Parallel and perpendicular lines is part of our series of lessons to support revision on straight line graphs. You may find it helpful to start with the main straight line graphs lesson for a summary of what to expect, or use the step by step guides below for further detail on individual topics. Other lessons in this series include:

Parallel lines examples

Example 1: write the equation of a parallel line (algebraically)

The equation of a line $A$ is given as $5y = x - 10$ .
Write the equation of a line that is parallel to $A$ .

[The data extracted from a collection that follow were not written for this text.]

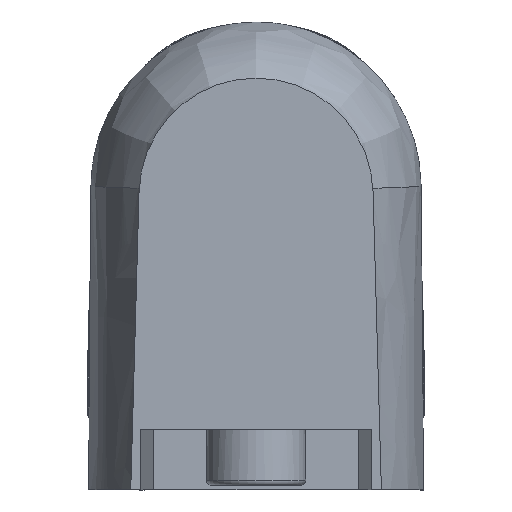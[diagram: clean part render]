
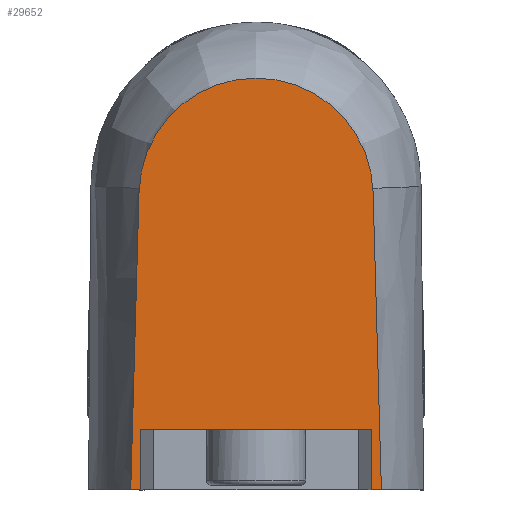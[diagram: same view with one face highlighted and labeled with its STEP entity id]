
A CAD part, front view. The second image highlights one B-rep face of the part: STEP entity #29652.
In plain terms, the highlighted planar face has unit normal (0, -1, 0).
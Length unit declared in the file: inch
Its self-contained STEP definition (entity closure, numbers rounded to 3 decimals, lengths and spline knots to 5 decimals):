
#1442 = EDGE_CURVE ( 'NONE', #32354, #37763, #33645, .T. ) ;
#2085 = CARTESIAN_POINT ( 'NONE',  ( 4.84141, -15.74803, -7.28568 ) ) ;
#2627 = EDGE_CURVE ( 'NONE', #29098, #25372, #8500, .T. ) ;
#3188 = DIRECTION ( 'NONE',  ( 1., 0., 0. ) ) ;
#4285 = CARTESIAN_POINT ( 'NONE',  ( -4.84141, -15.74803, -7.28568 ) ) ;
#4641 = CARTESIAN_POINT ( 'NONE',  ( 4.84141, -15.74803, 5.1162 ) ) ;
#4849 = EDGE_CURVE ( 'NONE', #29098, #25991, #24365, .T. ) ;
#4875 = CARTESIAN_POINT ( 'NONE',  ( -5.31496, -15.74803, -8.85827 ) ) ;
#4900 = CARTESIAN_POINT ( 'NONE',  ( 0., -15.74803, -7.28568 ) ) ;
#6078 = DIRECTION ( 'NONE',  ( 0., 0., 1. ) ) ;
#7853 = DIRECTION ( 'NONE',  ( 0.028, 0., 1. ) ) ;
#8500 = LINE ( 'NONE', #4900, #17749 ) ;
#8893 = LINE ( 'NONE', #31555, #14366 ) ;
#9268 = LINE ( 'NONE', #35072, #33865 ) ;
#10453 = ORIENTED_EDGE ( 'NONE', *, *, #25682, .T. ) ;
#10815 = VERTEX_POINT ( 'NONE', #30641 ) ;
#11061 = DIRECTION ( 'NONE',  ( 1., 0., 0. ) ) ;
#11099 = DIRECTION ( 'NONE',  ( -1., 0., 0. ) ) ;
#11456 = DIRECTION ( 'NONE',  ( 0., 1., 0. ) ) ;
#11581 = VECTOR ( 'NONE', #3188, 39.37008 ) ;
#11676 = FACE_OUTER_BOUND ( 'NONE', #26503, .T. ) ;
#11704 = VECTOR ( 'NONE', #24137, 39.37008 ) ;
#11720 = CARTESIAN_POINT ( 'NONE',  ( 0., -15.74803, -4.72441 ) ) ;
#11884 = CARTESIAN_POINT ( 'NONE',  ( 4.92126, -15.74803, 5.25349 ) ) ;
#14366 = VECTOR ( 'NONE', #37876, 39.37008 ) ;
#15055 = CARTESIAN_POINT ( 'NONE',  ( 0., -15.74803, 5.1162 ) ) ;
#15814 = ORIENTED_EDGE ( 'NONE', *, *, #4849, .F. ) ;
#16162 = CARTESIAN_POINT ( 'NONE',  ( -5.27109, -15.74803, -7.28568 ) ) ;
#16229 = VERTEX_POINT ( 'NONE', #31554 ) ;
#16514 = CARTESIAN_POINT ( 'NONE',  ( 0., -15.74803, -7.28568 ) ) ;
#16945 = LINE ( 'NONE', #16514, #11581 ) ;
#17183 = CARTESIAN_POINT ( 'NONE',  ( 0., -15.74803, 5.1162 ) ) ;
#17749 = VECTOR ( 'NONE', #11061, 39.37008 ) ;
#18576 = ORIENTED_EDGE ( 'NONE', *, *, #23648, .T. ) ;
#19325 = EDGE_CURVE ( 'NONE', #25372, #10815, #9268, .T. ) ;
#19682 = AXIS2_PLACEMENT_3D ( 'NONE', #17183, #11456, #39598 ) ;
#19993 = EDGE_CURVE ( 'NONE', #25991, #23644, #33212, .T. ) ;
#20089 = ORIENTED_EDGE ( 'NONE', *, *, #2627, .T. ) ;
#21217 = ORIENTED_EDGE ( 'NONE', *, *, #22967, .F. ) ;
#21762 = VECTOR ( 'NONE', #11099, 39.37008 ) ;
#22967 = EDGE_CURVE ( 'NONE', #37763, #10815, #36692, .T. ) ;
#23138 = AXIS2_PLACEMENT_3D ( 'NONE', #15055, #30943, #24184 ) ;
#23644 = VERTEX_POINT ( 'NONE', #11884 ) ;
#23648 = EDGE_CURVE ( 'NONE', #16229, #23644, #8893, .T. ) ;
#24137 = DIRECTION ( 'NONE',  ( 0., 0., 1. ) ) ;
#24184 = DIRECTION ( 'NONE',  ( 0., 0., 1. ) ) ;
#24365 = LINE ( 'NONE', #4875, #25392 ) ;
#25372 = VERTEX_POINT ( 'NONE', #4285 ) ;
#25392 = VECTOR ( 'NONE', #7853, 39.37008 ) ;
#25682 = EDGE_CURVE ( 'NONE', #32354, #16229, #16945, .T. ) ;
#25991 = VERTEX_POINT ( 'NONE', #38045 ) ;
#26503 = EDGE_LOOP ( 'NONE', ( #15814, #20089, #34856, #21217, #26883, #10453, #18576, #39182 ) ) ;
#26883 = ORIENTED_EDGE ( 'NONE', *, *, #1442, .F. ) ;
#28177 = PLANE ( 'NONE',  #23138 ) ;
#29098 = VERTEX_POINT ( 'NONE', #16162 ) ;
#29652 = ADVANCED_FACE ( 'NONE', ( #11676 ), #28177, .F. ) ;
#30641 = CARTESIAN_POINT ( 'NONE',  ( -4.84141, -15.74803, -4.72441 ) ) ;
#30943 = DIRECTION ( 'NONE',  ( 0., 1., 0. ) ) ;
#31554 = CARTESIAN_POINT ( 'NONE',  ( 5.27109, -15.74803, -7.28568 ) ) ;
#31555 = CARTESIAN_POINT ( 'NONE',  ( 5.31496, -15.74803, -8.85827 ) ) ;
#32354 = VERTEX_POINT ( 'NONE', #2085 ) ;
#33212 = CIRCLE ( 'NONE', #19682, 4.92317 ) ;
#33645 = LINE ( 'NONE', #4641, #11704 ) ;
#33865 = VECTOR ( 'NONE', #6078, 39.37008 ) ;
#34856 = ORIENTED_EDGE ( 'NONE', *, *, #19325, .T. ) ;
#35072 = CARTESIAN_POINT ( 'NONE',  ( -4.84141, -15.74803, 5.1162 ) ) ;
#35793 = CARTESIAN_POINT ( 'NONE',  ( 4.84141, -15.74803, -4.72441 ) ) ;
#36692 = LINE ( 'NONE', #11720, #21762 ) ;
#37763 = VERTEX_POINT ( 'NONE', #35793 ) ;
#37876 = DIRECTION ( 'NONE',  ( -0.028, 0., 1. ) ) ;
#38045 = CARTESIAN_POINT ( 'NONE',  ( -4.92126, -15.74803, 5.25349 ) ) ;
#39182 = ORIENTED_EDGE ( 'NONE', *, *, #19993, .F. ) ;
#39598 = DIRECTION ( 'NONE',  ( 0., 0., 1. ) ) ;

State/calculate the gradient of the original straight line.

As $5y=x-10$ .

Here, the gradient of the line is $\frac{1}{5}$

2Substitute the value for m into the equation of a new straight line.

Substituting $m=\frac{1}{5}$ into a new equation, we get $y=\frac{1}{5}x+c$

3State/calculate the value of the y-intercept.

Here we are asked to state a parallel line so any value of c, except for the value stated in the original equation (−2), would satisfy this question.

An example of an equation of the line parallel to line A is $y=\frac{1}{5}x+3$

Example 2: write the equation of a parallel line (graphically)

The line B is drawn on a set of axes. Write the equation of a line that is parallel to B.

State/calculate the gradient of the original straight line.

Here,

\[\\m=\frac{-3}{3}=-1\\\]

Substitute the value for m into the equation of a new straight line.

We now have y = −x + c

State/calculate the value of the y-intercept.

Here we are asked to state a parallel line so any value of c, except for the value stated in the original equation (3), would satisfy this question.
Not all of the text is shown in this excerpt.